Woke up the other day with a hell of a head cold, feeling like an entire roll of toilet paper had been stuffed up my nostrils while i dozed, none the wiser. That might have well been the case because for the remainder of this week I've proceeded to use entire rolls of toilet paper to mop up the snot that keeps spewing forth from my head as if it's going out of style. Such is the nature of changing seasons in Japan. By my best estimate, a good 40% of the staff at school seems to have the same cold or something like it.
Well today I just got through the day at work and decided to take a holiday from my Japanese class downtown, which necessitates a 1:30 hour commute which costs about $20 round trip. I'll just relax, I thought, and get some shopping done. Hooo boy.
I headed to Uniqlo after work and dropped a cool 15000 yen (about $165) on some nice new work clothes and jeans.
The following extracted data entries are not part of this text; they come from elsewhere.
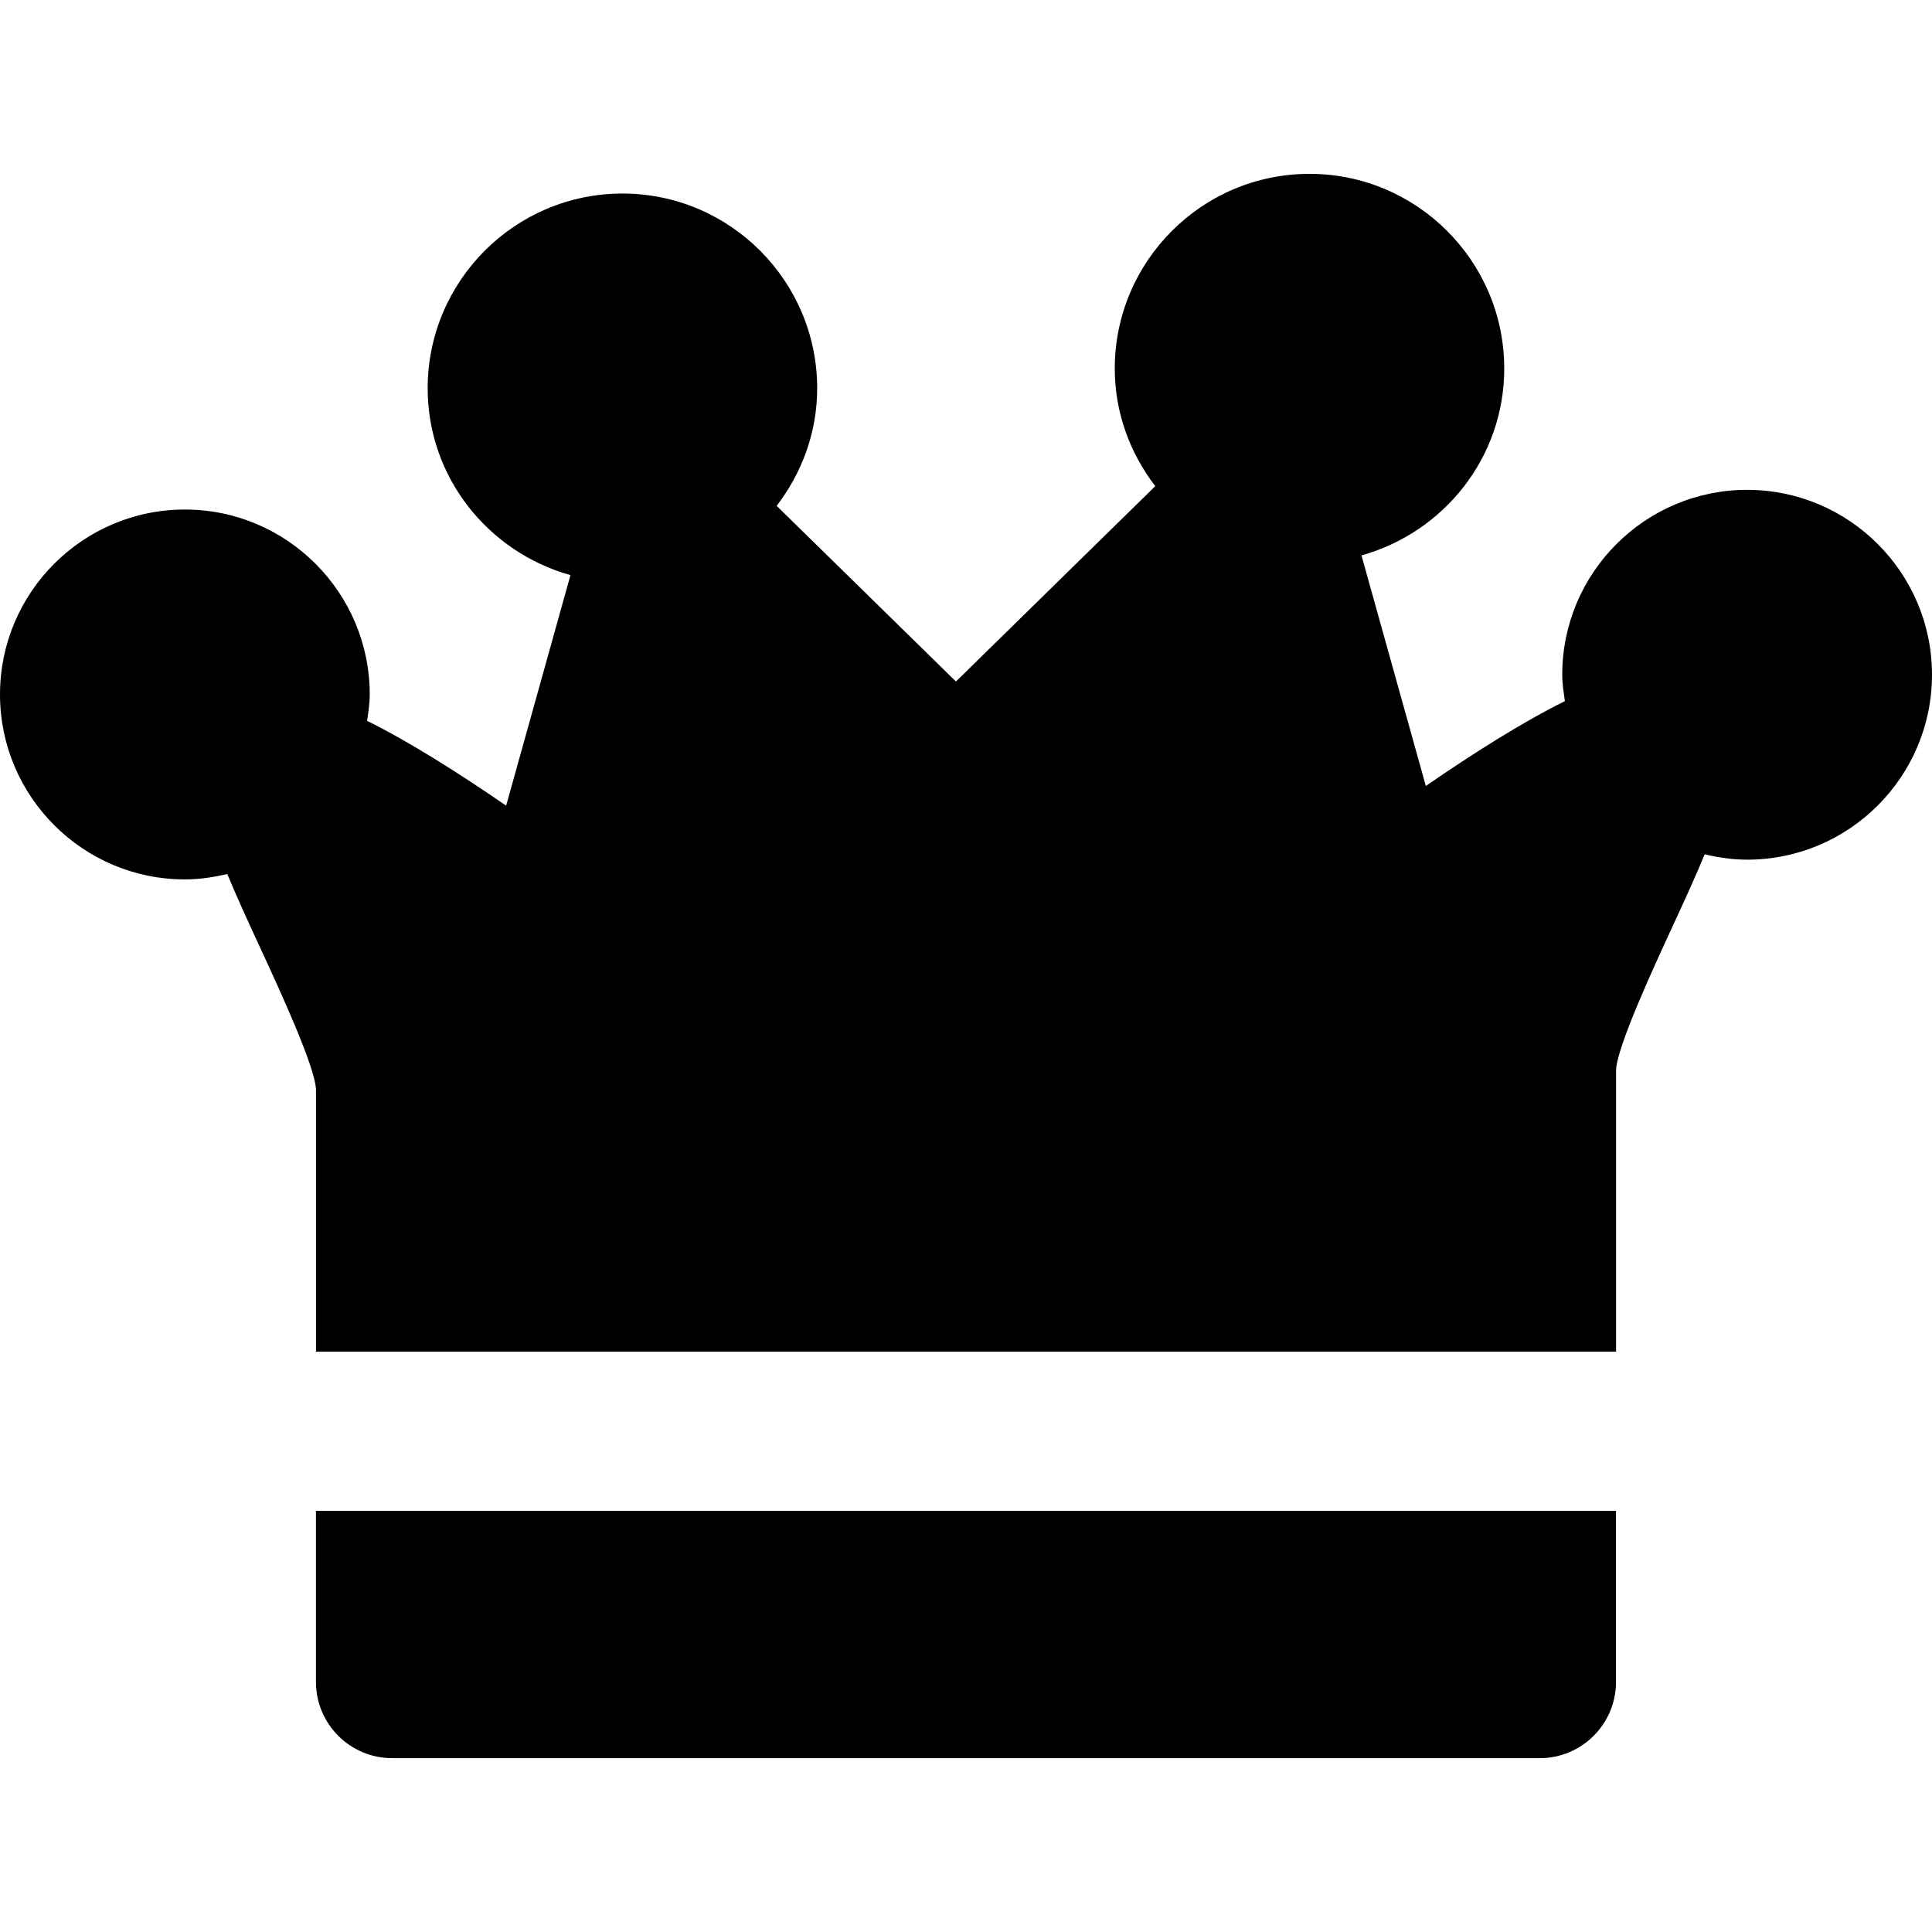 <?xml version="1.0" encoding="iso-8859-1"?>
<!-- Uploaded to: SVG Repo, www.svgrepo.com, Generator: SVG Repo Mixer Tools -->
<!DOCTYPE svg PUBLIC "-//W3C//DTD SVG 1.1//EN" "http://www.w3.org/Graphics/SVG/1.1/DTD/svg11.dtd">
<svg fill="#000000" version="1.1" id="Capa_1" xmlns="http://www.w3.org/2000/svg" xmlns:xlink="http://www.w3.org/1999/xlink" 
	 width="800px" height="800px" viewBox="0 0 337.788 337.787"
	 xml:space="preserve">
<g>
	<g>
		<path d="M55.241,294.063c0,7.356,5.963,13.331,13.331,13.331h200.636c7.361,0,13.33-5.975,13.33-13.331v-29.915H55.241V294.063z"
			/>
		<path d="M292.301,162.247c2.234-4.834,4.174-9.064,5.741-12.883c2.401,0.573,4.863,0.939,7.428,0.939
			c17.816,0,32.317-14.498,32.317-32.33s-14.501-32.33-32.317-32.33c-17.828,0-32.33,14.498-32.33,32.33
			c0,1.58,0.252,3.092,0.463,4.612c-7.398,3.651-16.189,9.235-24.313,14.832l-11.253-40.313
			c14.345-4.002,24.962-17.051,24.962-32.663c0-18.771-15.276-34.047-34.048-34.047c-18.776,0-34.047,15.276-34.047,34.047
			c0,7.755,2.696,14.826,7.079,20.558l-34.846,34.155l-31.345-30.712c4.377-5.726,7.083-12.796,7.083-20.551
			c0-18.78-15.273-34.053-34.042-34.053c-18.783,0-34.059,15.273-34.059,34.053c0,15.606,10.625,28.649,24.965,32.663L88.493,140.86
			c-8.133-5.597-16.921-11.181-24.316-14.832c0.226-1.519,0.465-3.026,0.465-4.611c0-17.819-14.493-32.333-32.324-32.333
			C14.493,89.084,0,103.592,0,121.417s14.493,32.336,32.318,32.336c2.564,0,5.023-0.382,7.416-0.94
			c1.579,3.813,3.516,8.043,5.75,12.875c3.357,7.26,9.599,20.771,9.764,24.787v45.847h227.302v-49.239
			C282.718,183.011,288.951,169.5,292.301,162.247z"/>
	</g>
</g>
</svg>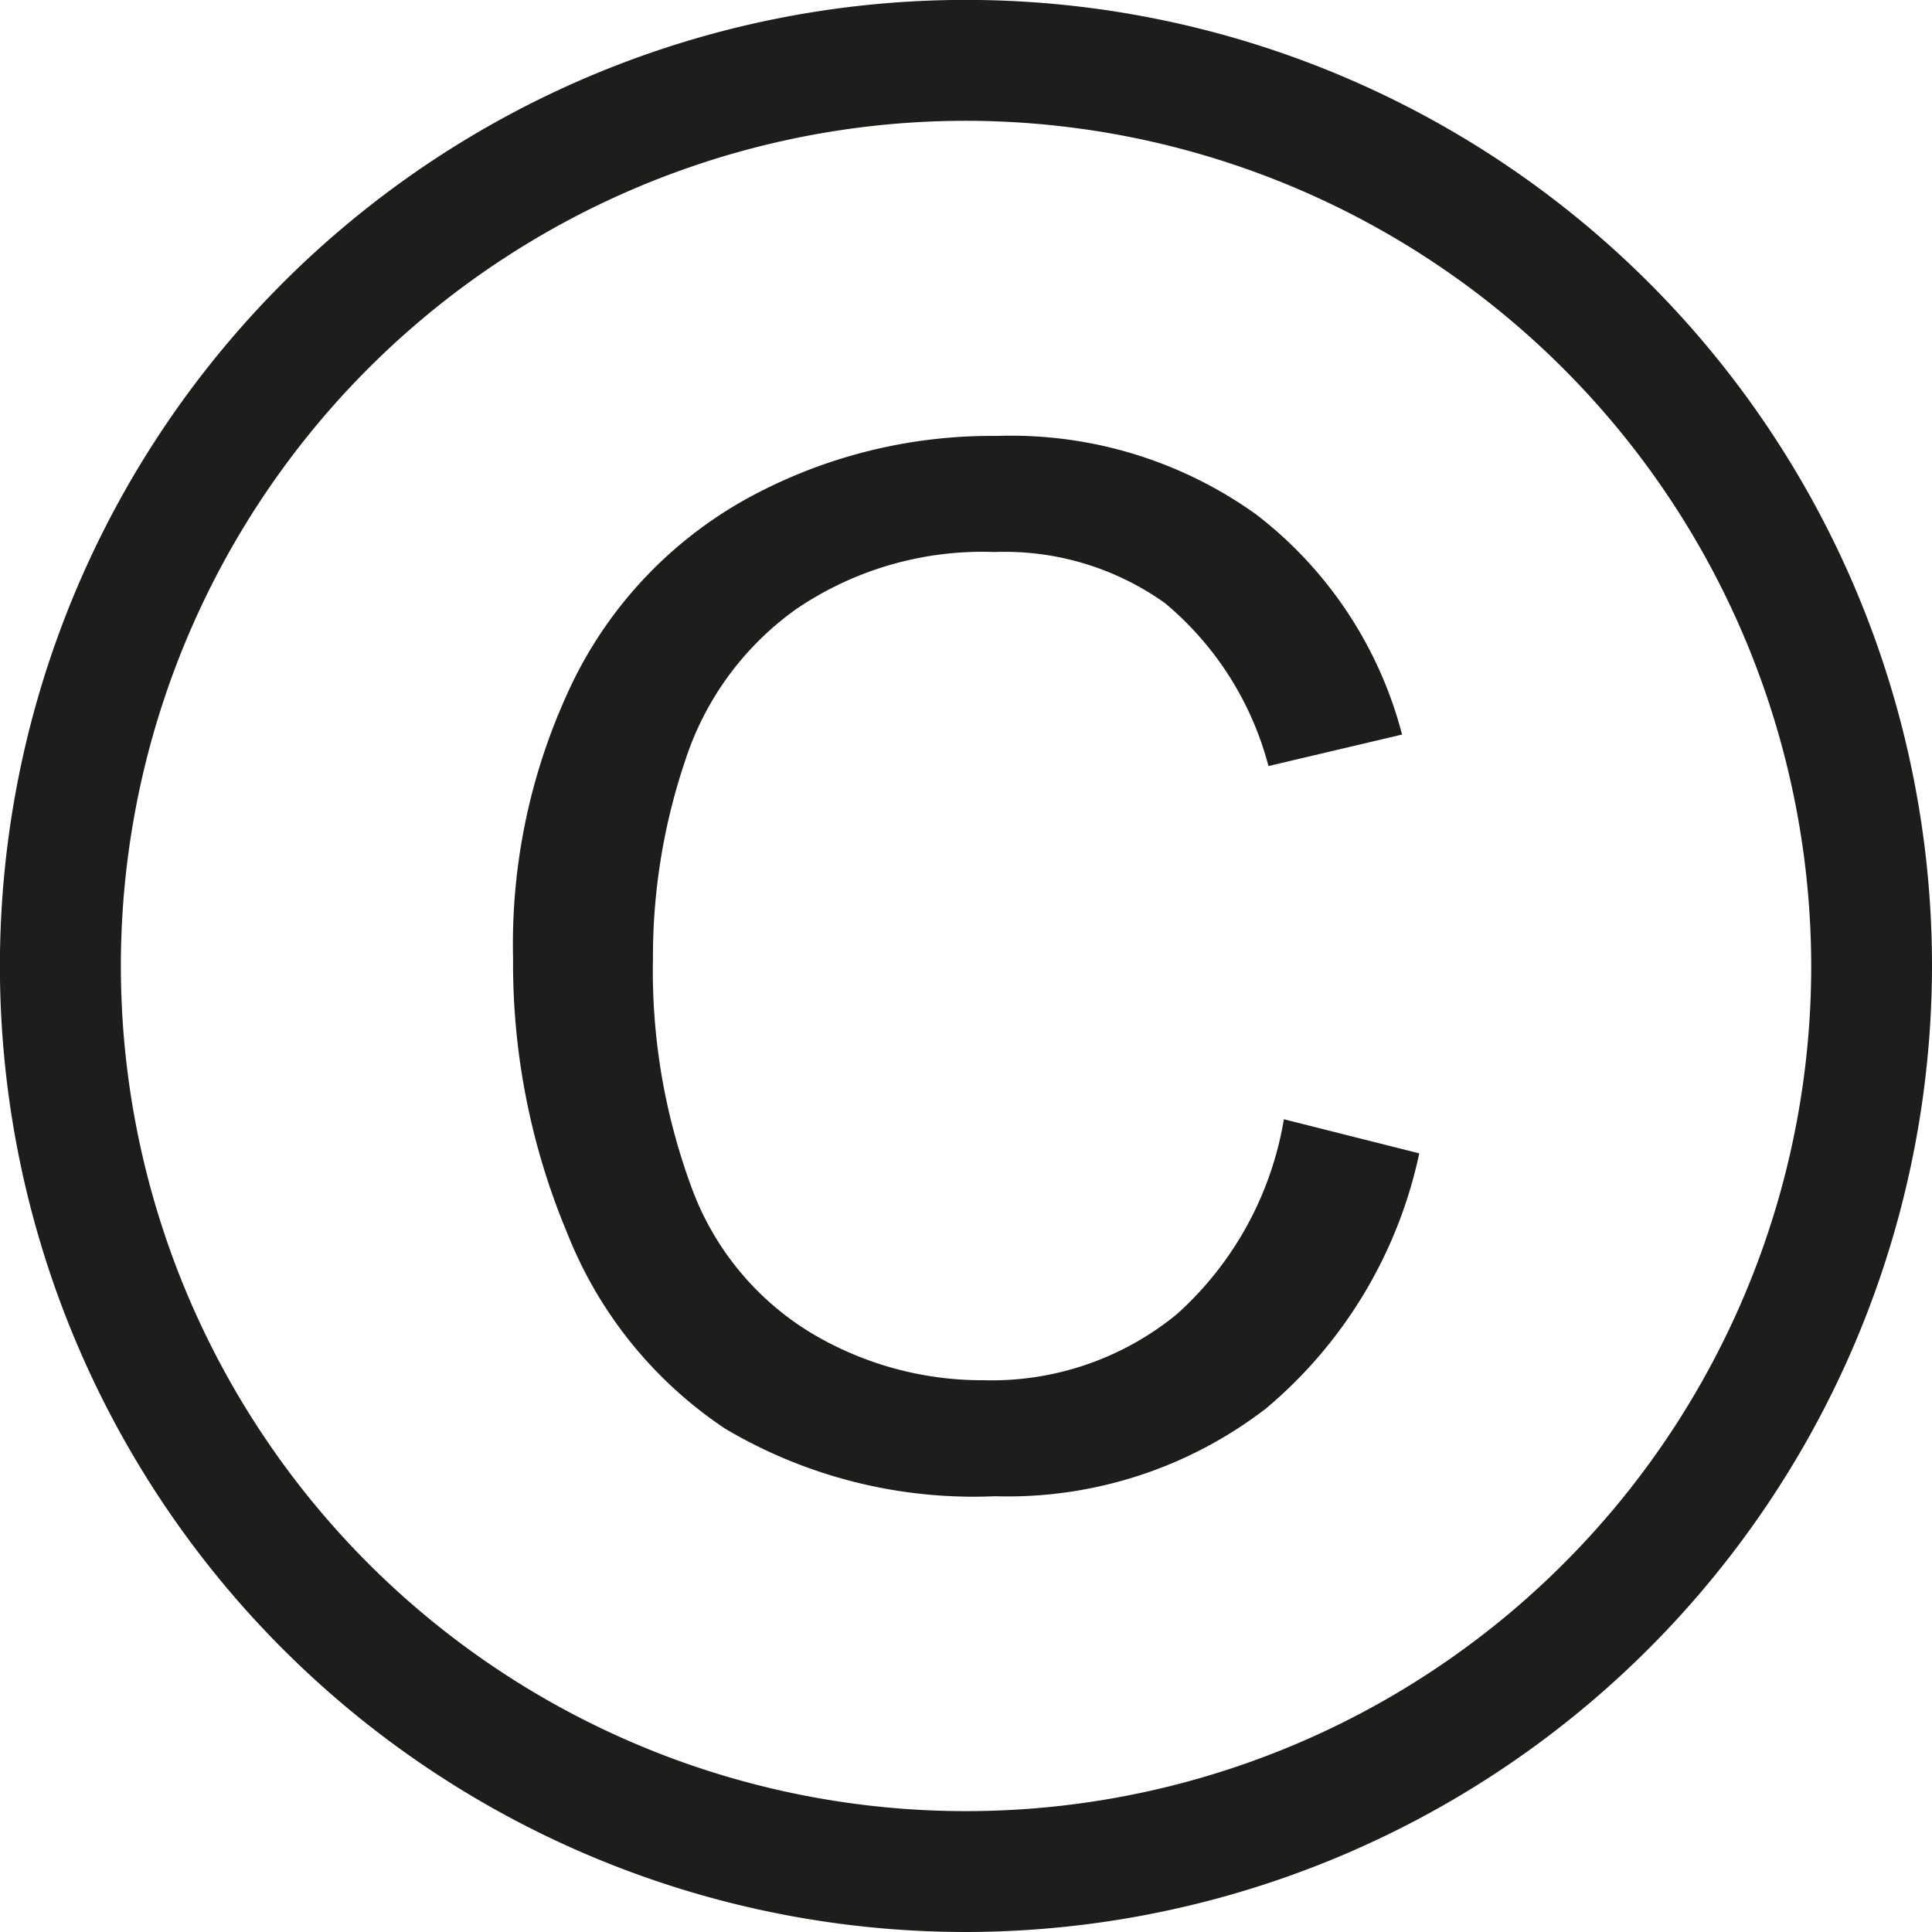 <svg xmlns="http://www.w3.org/2000/svg" width="23.369" height="23.369" viewBox="0 0 23.369 23.369">
  <g id="Group_21" data-name="Group 21" transform="translate(0 0)">
    <path id="Path_43" data-name="Path 43" d="M11.684,23.369A11.685,11.685,0,1,1,23.369,11.685,11.7,11.7,0,0,1,11.684,23.369m0-21.908A10.223,10.223,0,1,0,21.908,11.685,10.235,10.235,0,0,0,11.684,1.461" transform="translate(0 0)" fill="#1d1d1b"/>
    <path id="Path_44" data-name="Path 44" d="M17.811,15.481l1.642.414A5.527,5.527,0,0,1,17.6,18.98a5.118,5.118,0,0,1-3.279,1.062,5.893,5.893,0,0,1-3.262-.816,5.087,5.087,0,0,1-1.911-2.364,8.431,8.431,0,0,1-.656-3.325,7.3,7.3,0,0,1,.74-3.381,5.082,5.082,0,0,1,2.107-2.191,6.147,6.147,0,0,1,3.007-.748,5.089,5.089,0,0,1,3.131.947,4.918,4.918,0,0,1,1.768,2.665l-1.616.381a3.831,3.831,0,0,0-1.252-1.971,3.339,3.339,0,0,0-2.064-.618,4.005,4.005,0,0,0-2.39.686,3.616,3.616,0,0,0-1.35,1.84,7.4,7.4,0,0,0-.389,2.382,7.558,7.558,0,0,0,.461,2.762,3.438,3.438,0,0,0,1.434,1.765,4.029,4.029,0,0,0,2.107.583,3.53,3.53,0,0,0,2.336-.8,4.067,4.067,0,0,0,1.294-2.36" transform="translate(-2.286 -1.944)" fill="#1d1d1b"/>
  </g>
</svg>

Then I picked up some beer and other basic amenities before meeting Chiharu for dinner. Tonight's going to be a good night, methought.
We went out for yakiniku and then returned to my apartment. Once there, I discovered that my clothes and beer were missing from the back seat. Could they really have disappeared, I thought? I must be suffering from some sort of cold-induced delirium.
No. Somebody in my piddly, boring town did in fact open my unlocked car, while we dined in plain sight through the window of the restaurant, took my nice, new, just-my-size clothes and my beer. I'm going to repeat that. AND my beer. I could maybe get over someone stealing a bunch of M-sized clothes from Japan's equivalent of The Gap. But did you have to take the beer? I bought a $5 can of Belgian weissbeer that I was really looking forward to. Not to mention an overpriced 6-pack of regular ol' Kirin.
The real roscoe to the face was what they didn't steal; the only item left in the car was a 12-pack of toilet paper that I had purchased while waiting for them to finish my pants. Bastards! Well it's a good thing they didn't steal that toilet paper, because I was almost out, and I am still going through it by blowing my nose at an alarming pace.
When we got back to my apartment, we decided we might as well call the cops, which turned into a ridiculous and long, but really hilarious experience. They came to my apartment and proceeded to dust the car for prints! How old school is that!? They had a comically big chalk-duster and everything. Following that, they interviewing me thoroughly about all the details: the location of the bags. The label and art on the bags. What clothes I had bought, the color of the shirts, long sleeves? short sleeves? the cost of the beer, the brand of beer, how many ounces of beer in the cans ("were the regular 350 ml cans or tall boys?"), and so on. Then they came up to my apartment and took both my fingerprints and Chiharu's (to compare against what they uncovered on the car). Then we returned to the scene of the crime, outside the restaurant, where the police snooped around for clues for like 10 minutes. It was all exhausting but very entertaining.
But I dont want to come off like a Negative Nancy on this blog, so without further adieu, I present you with one of the most beautiful places I have ever been; Yakushima. It's a rocky island off the south shore f Kyushu, and home to deers, monkeys, and a ton of cedar trees, some of which are thousands of years old. The oldest of the bunch are honored with individual names, and the oldest of them all is named Jómon Sugi. Standing next to something that has been alive for that long is a pretty humbling experience. My friends and went there a couple weeks ago for a 3-day excursion.
EDIT: oh yeah, I almost forgot the part about how, when I was taking a shower tonight, as I went to dispense some body soap onto my humble loofah, the soap squirted in an outrageous trajectory, right into my eyes, as if god himself had decided to ejaculate on my face. The only thing I could do at that point was laugh.